**Records provided**
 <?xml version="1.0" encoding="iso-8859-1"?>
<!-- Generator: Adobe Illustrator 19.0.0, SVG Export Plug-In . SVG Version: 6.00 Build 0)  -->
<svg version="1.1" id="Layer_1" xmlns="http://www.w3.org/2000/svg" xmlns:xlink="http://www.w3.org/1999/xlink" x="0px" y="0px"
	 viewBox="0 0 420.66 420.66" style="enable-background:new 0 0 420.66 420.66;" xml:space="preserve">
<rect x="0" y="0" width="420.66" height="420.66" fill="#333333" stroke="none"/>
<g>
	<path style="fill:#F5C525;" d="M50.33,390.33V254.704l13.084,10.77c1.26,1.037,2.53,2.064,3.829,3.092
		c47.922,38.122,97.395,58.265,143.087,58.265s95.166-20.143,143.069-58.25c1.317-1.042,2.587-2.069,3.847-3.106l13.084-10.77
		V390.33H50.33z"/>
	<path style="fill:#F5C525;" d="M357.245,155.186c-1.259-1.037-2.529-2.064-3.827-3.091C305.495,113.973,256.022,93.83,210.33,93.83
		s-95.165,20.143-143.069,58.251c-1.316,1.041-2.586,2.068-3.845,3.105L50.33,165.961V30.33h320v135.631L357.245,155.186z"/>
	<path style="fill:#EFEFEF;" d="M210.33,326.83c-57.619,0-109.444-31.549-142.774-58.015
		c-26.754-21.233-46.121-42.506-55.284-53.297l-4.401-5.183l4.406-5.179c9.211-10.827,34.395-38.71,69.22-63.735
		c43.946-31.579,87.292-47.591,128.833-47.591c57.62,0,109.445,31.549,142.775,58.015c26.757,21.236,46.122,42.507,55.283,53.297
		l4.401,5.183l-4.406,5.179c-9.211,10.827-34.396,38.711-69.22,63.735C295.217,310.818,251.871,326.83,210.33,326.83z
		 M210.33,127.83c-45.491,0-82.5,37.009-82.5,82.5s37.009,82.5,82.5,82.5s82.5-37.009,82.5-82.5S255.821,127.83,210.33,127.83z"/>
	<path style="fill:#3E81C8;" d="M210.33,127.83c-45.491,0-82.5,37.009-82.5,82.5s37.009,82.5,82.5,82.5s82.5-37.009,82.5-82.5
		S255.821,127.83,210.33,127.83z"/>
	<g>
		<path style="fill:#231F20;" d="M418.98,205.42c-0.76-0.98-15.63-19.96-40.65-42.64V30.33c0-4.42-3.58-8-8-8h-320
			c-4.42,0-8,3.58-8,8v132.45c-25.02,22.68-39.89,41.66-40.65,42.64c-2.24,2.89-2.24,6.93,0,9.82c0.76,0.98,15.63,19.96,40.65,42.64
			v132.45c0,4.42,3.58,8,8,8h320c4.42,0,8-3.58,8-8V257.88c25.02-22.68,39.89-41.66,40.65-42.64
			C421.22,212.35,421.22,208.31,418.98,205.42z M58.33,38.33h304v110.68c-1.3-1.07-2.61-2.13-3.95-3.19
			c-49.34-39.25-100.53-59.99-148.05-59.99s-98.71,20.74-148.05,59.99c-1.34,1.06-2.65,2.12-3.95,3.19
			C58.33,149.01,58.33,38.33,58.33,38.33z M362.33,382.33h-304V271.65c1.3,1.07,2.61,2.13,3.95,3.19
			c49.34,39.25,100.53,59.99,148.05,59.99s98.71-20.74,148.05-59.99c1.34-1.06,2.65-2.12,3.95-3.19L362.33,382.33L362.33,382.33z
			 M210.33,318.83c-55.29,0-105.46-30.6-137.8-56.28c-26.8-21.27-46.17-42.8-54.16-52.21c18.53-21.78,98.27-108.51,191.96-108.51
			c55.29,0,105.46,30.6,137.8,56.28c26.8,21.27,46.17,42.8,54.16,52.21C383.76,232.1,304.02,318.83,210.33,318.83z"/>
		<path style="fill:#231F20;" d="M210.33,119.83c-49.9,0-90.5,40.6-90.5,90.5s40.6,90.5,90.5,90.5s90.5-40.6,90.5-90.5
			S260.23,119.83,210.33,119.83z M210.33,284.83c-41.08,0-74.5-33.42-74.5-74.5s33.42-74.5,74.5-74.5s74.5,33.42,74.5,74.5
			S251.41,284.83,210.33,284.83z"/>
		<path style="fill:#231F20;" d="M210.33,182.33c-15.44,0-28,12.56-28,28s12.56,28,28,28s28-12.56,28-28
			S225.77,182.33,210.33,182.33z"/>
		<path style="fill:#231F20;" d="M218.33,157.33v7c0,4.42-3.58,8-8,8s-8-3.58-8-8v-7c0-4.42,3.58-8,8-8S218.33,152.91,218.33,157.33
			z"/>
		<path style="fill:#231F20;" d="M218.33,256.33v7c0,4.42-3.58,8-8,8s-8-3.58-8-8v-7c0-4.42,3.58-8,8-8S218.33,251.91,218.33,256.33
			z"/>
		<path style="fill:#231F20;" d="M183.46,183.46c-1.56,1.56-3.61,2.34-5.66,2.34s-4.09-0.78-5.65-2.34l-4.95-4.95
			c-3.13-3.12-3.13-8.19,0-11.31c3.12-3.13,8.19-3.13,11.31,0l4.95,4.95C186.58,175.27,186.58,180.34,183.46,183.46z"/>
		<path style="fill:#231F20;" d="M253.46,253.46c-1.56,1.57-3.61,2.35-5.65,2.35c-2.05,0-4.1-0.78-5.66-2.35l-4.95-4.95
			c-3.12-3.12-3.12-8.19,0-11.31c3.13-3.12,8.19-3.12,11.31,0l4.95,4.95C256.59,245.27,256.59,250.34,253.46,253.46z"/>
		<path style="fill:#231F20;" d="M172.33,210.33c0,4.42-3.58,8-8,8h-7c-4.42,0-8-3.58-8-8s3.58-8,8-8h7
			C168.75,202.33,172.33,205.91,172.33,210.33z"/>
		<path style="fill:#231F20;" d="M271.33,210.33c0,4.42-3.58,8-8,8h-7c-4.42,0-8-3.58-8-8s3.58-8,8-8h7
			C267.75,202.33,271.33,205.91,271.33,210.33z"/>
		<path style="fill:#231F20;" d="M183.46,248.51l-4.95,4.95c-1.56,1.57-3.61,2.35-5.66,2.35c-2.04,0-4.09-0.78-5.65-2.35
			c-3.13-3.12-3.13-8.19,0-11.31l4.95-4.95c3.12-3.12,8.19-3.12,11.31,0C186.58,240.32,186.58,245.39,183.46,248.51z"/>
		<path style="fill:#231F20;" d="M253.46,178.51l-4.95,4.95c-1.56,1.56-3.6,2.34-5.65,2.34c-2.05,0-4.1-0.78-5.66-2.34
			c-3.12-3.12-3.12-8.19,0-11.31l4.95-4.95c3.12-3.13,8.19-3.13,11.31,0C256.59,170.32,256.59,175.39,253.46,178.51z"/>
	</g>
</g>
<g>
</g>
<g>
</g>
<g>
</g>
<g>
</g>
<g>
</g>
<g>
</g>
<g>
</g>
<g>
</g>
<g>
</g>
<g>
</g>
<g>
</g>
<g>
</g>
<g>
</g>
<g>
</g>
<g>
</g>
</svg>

---

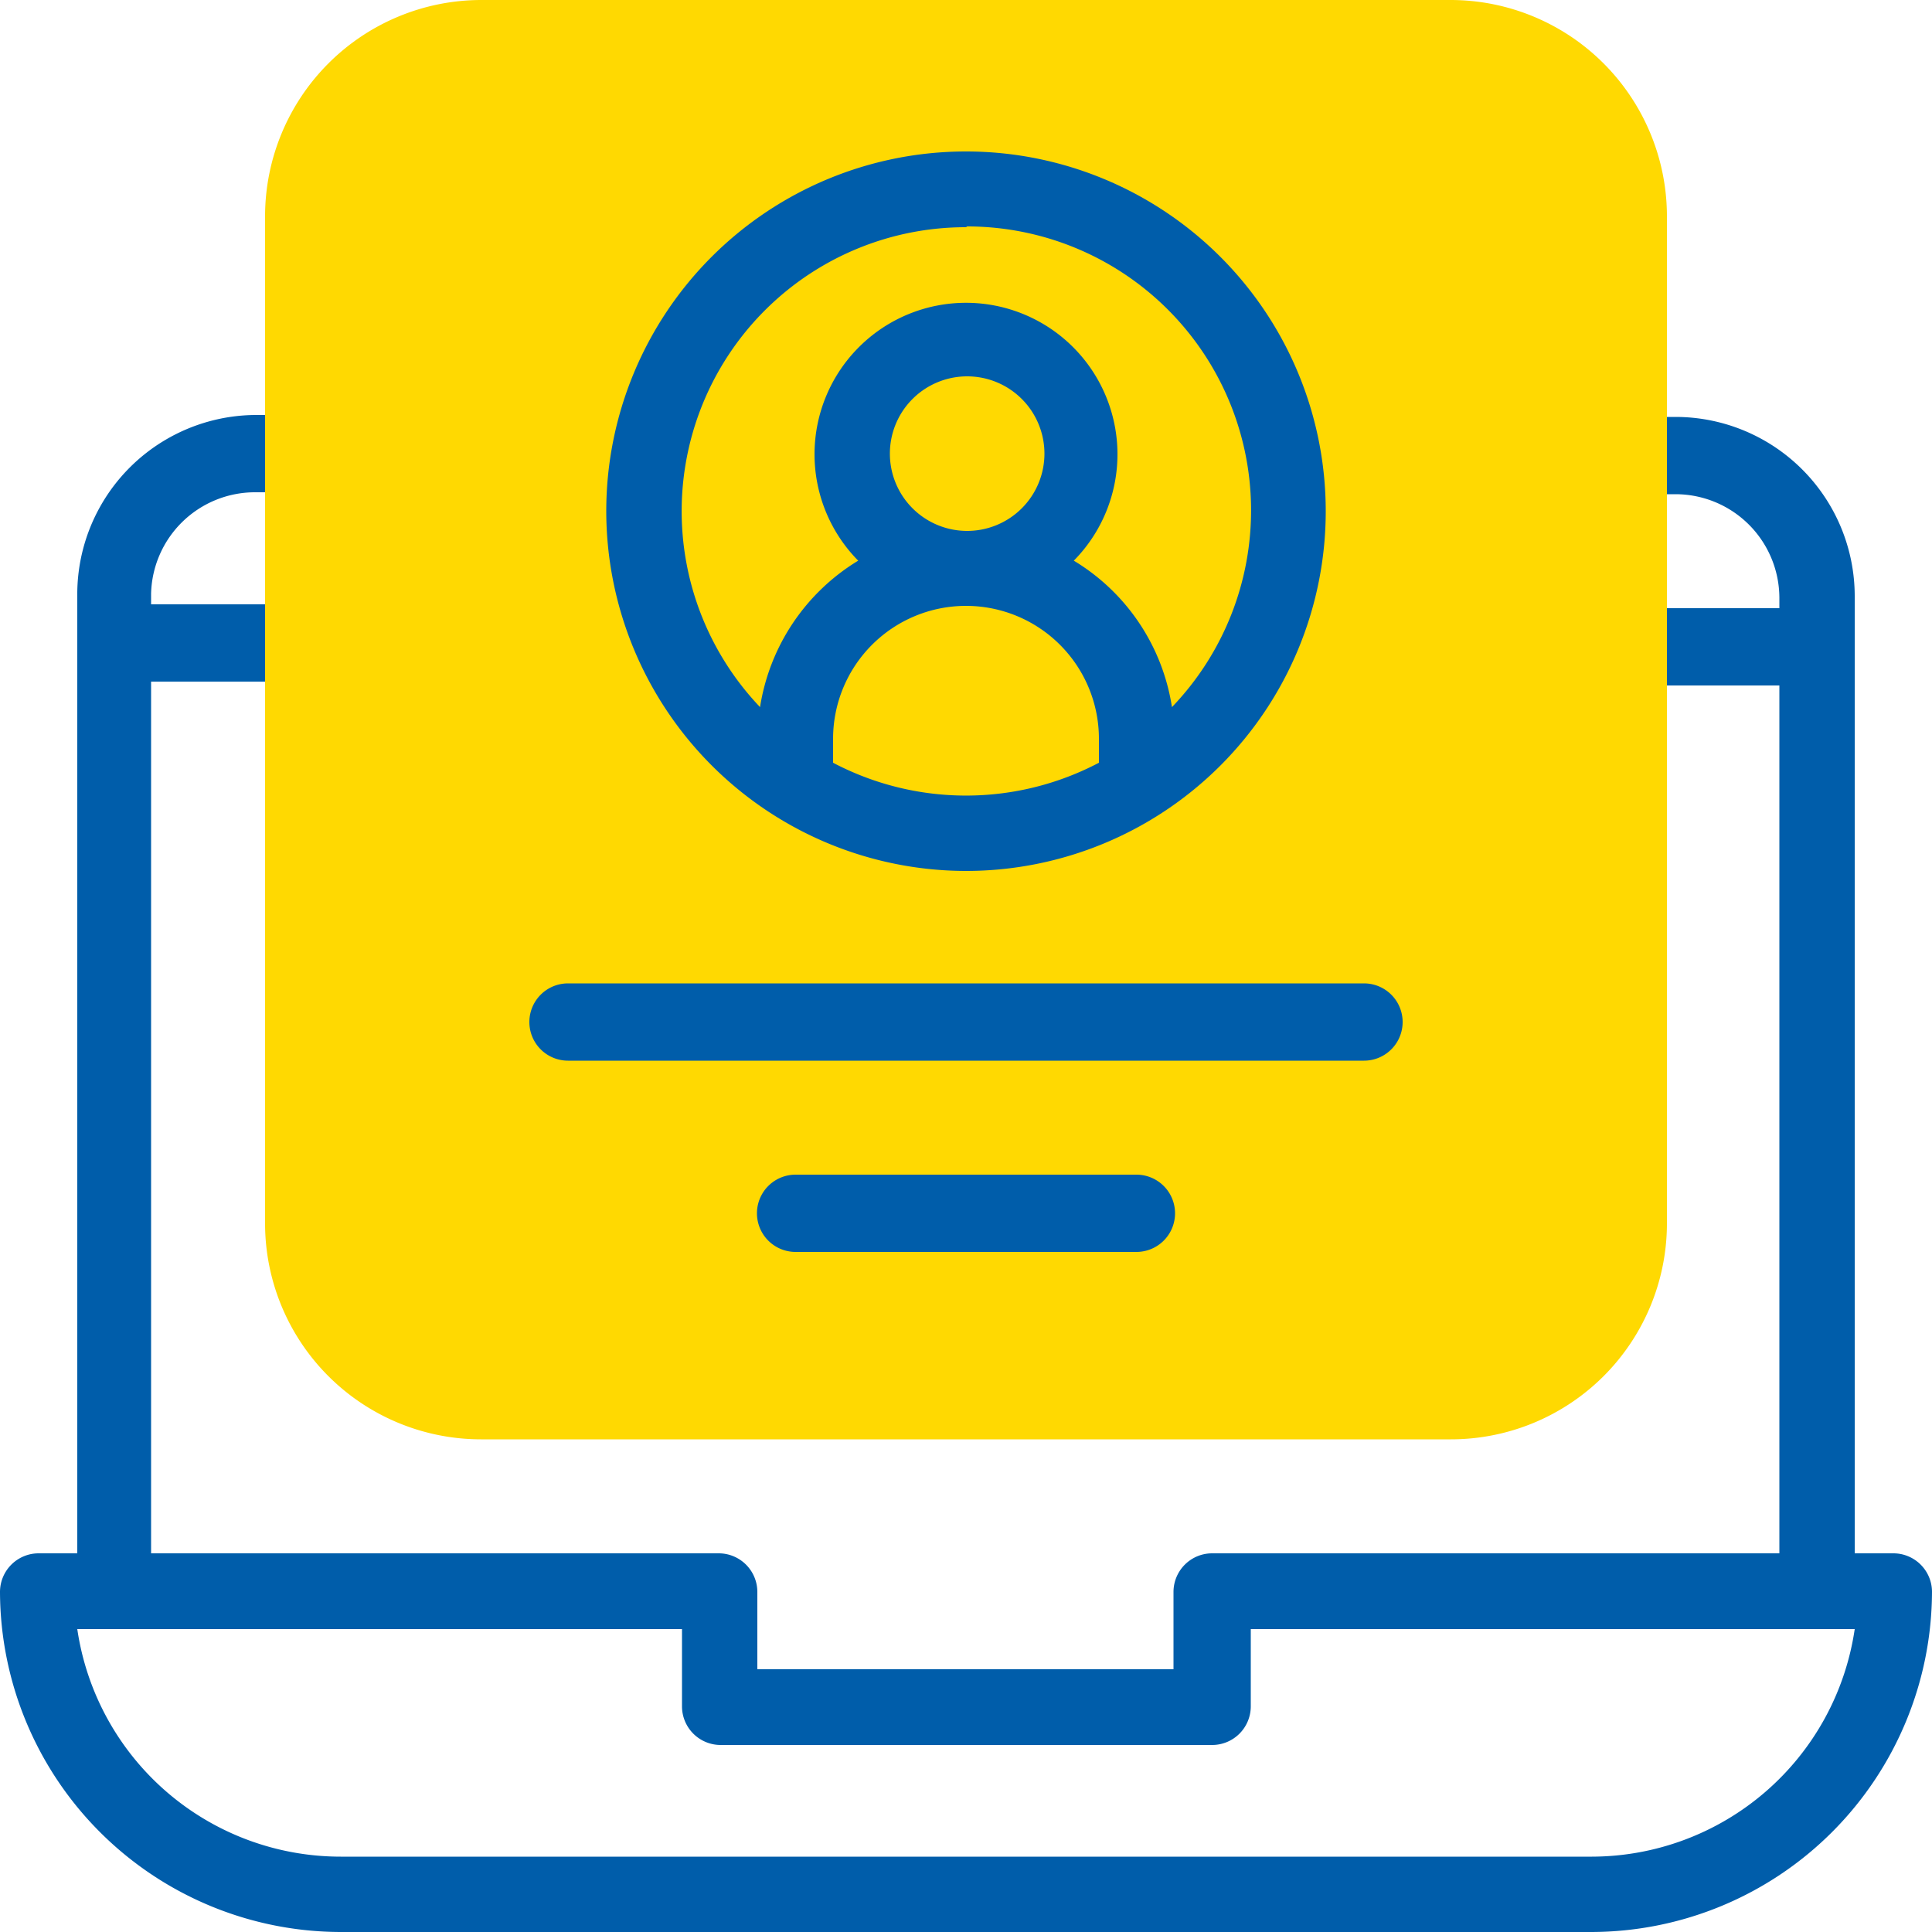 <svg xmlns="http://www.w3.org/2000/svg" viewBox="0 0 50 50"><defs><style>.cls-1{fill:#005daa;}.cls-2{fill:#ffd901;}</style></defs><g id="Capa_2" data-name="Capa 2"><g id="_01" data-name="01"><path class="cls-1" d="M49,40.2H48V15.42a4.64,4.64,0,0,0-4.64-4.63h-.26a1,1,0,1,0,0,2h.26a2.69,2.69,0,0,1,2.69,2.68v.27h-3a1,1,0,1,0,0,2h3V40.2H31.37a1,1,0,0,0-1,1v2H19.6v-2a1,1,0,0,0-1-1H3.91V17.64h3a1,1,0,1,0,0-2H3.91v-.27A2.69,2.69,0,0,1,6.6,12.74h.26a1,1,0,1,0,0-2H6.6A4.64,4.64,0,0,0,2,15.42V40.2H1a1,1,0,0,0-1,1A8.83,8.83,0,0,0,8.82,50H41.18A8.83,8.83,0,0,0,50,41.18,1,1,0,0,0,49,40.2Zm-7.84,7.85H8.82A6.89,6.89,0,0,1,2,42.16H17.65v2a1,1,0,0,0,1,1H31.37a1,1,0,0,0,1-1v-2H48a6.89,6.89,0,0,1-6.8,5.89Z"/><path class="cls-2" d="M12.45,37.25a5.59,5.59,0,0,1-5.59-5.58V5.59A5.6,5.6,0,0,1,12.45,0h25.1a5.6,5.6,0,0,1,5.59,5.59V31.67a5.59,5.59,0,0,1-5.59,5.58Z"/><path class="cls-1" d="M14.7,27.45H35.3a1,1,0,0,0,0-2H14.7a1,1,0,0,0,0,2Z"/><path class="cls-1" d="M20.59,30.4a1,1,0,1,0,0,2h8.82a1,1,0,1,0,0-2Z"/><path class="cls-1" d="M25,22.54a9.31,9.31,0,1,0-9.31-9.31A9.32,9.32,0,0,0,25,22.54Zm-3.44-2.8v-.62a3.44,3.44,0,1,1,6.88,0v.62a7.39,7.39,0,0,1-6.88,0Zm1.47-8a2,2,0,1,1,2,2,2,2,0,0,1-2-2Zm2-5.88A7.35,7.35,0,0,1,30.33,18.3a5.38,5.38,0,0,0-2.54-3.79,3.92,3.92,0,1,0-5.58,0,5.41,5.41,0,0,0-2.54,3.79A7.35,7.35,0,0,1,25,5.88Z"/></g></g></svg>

* * *

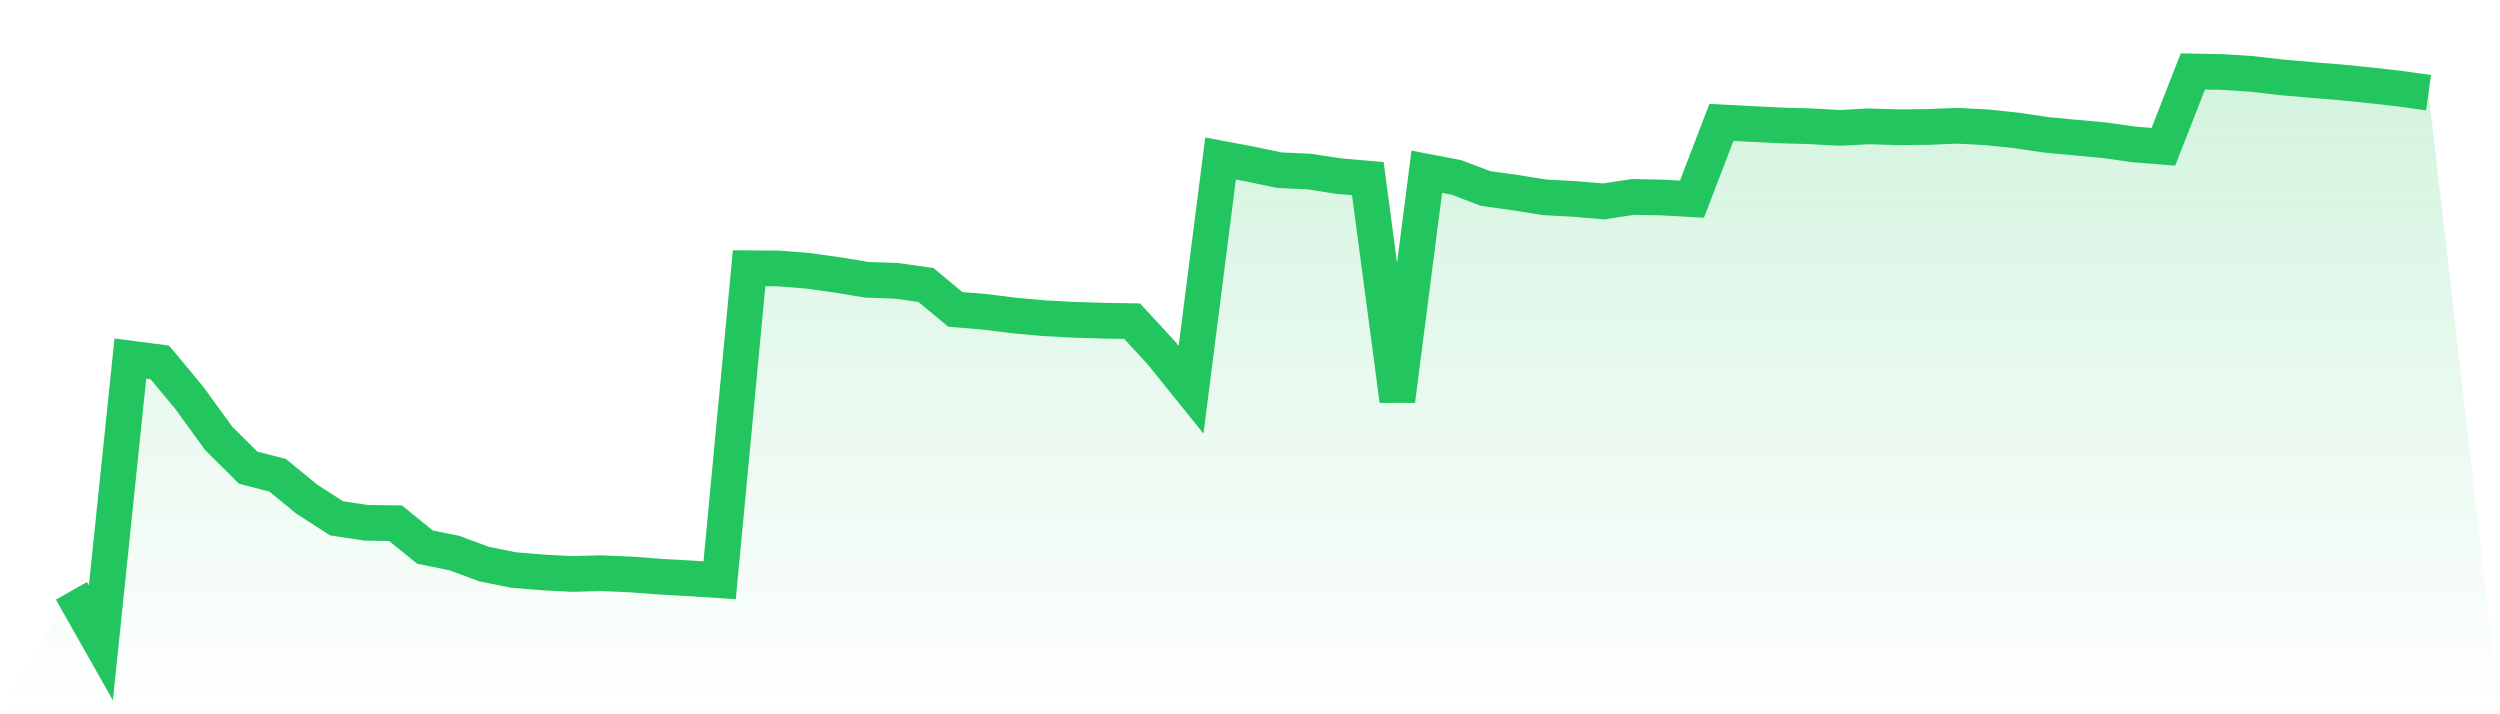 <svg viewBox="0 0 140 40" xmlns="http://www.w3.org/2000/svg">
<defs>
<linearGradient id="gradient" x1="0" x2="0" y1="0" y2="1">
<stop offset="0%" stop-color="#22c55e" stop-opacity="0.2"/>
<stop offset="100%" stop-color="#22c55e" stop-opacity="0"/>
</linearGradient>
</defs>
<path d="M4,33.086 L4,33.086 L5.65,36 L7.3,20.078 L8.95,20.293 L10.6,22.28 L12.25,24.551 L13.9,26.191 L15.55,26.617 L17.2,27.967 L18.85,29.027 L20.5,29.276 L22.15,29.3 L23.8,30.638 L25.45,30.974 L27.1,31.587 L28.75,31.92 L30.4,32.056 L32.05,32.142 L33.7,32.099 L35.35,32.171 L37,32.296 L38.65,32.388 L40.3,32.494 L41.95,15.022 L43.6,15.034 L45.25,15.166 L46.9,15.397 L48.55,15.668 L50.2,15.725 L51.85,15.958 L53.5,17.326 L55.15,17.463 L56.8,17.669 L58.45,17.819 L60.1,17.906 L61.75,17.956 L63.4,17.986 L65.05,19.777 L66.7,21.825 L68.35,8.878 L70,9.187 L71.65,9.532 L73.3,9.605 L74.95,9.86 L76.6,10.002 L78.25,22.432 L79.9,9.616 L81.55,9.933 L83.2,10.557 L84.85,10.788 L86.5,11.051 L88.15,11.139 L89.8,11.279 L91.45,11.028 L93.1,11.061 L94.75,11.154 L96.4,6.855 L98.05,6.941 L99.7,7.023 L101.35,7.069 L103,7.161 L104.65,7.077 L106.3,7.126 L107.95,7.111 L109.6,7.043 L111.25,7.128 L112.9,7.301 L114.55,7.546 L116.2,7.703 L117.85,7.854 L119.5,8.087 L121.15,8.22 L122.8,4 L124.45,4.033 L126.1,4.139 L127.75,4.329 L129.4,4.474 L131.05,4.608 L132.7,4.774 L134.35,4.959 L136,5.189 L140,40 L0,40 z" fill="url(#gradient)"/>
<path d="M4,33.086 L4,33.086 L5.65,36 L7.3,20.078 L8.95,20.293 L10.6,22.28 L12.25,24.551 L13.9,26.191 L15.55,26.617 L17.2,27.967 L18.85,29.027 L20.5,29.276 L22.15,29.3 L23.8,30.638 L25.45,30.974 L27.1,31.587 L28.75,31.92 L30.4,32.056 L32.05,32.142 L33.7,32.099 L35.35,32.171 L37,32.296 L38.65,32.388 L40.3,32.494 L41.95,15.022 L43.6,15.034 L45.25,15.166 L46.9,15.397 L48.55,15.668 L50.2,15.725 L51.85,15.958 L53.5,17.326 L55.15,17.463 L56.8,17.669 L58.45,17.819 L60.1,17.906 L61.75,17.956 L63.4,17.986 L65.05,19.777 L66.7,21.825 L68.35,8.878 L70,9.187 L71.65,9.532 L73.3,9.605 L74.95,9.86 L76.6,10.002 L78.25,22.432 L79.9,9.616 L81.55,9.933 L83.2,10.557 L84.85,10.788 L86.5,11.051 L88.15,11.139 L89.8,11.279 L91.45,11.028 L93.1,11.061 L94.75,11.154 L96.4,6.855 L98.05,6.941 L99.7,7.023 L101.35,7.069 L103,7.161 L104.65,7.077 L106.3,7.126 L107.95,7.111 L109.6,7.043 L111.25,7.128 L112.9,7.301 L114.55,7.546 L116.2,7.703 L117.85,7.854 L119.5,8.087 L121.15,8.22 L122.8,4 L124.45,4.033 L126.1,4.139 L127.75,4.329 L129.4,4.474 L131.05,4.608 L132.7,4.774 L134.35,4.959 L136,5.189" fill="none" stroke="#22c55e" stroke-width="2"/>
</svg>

**Problem to solve**
Go through the material and copy every line in which the word "color" occurs.

**Written solution**
<stop offset="0%" stop-color="#22c55e" stop-opacity="0.2"/>
<stop offset="100%" stop-color="#22c55e" stop-opacity="0"/>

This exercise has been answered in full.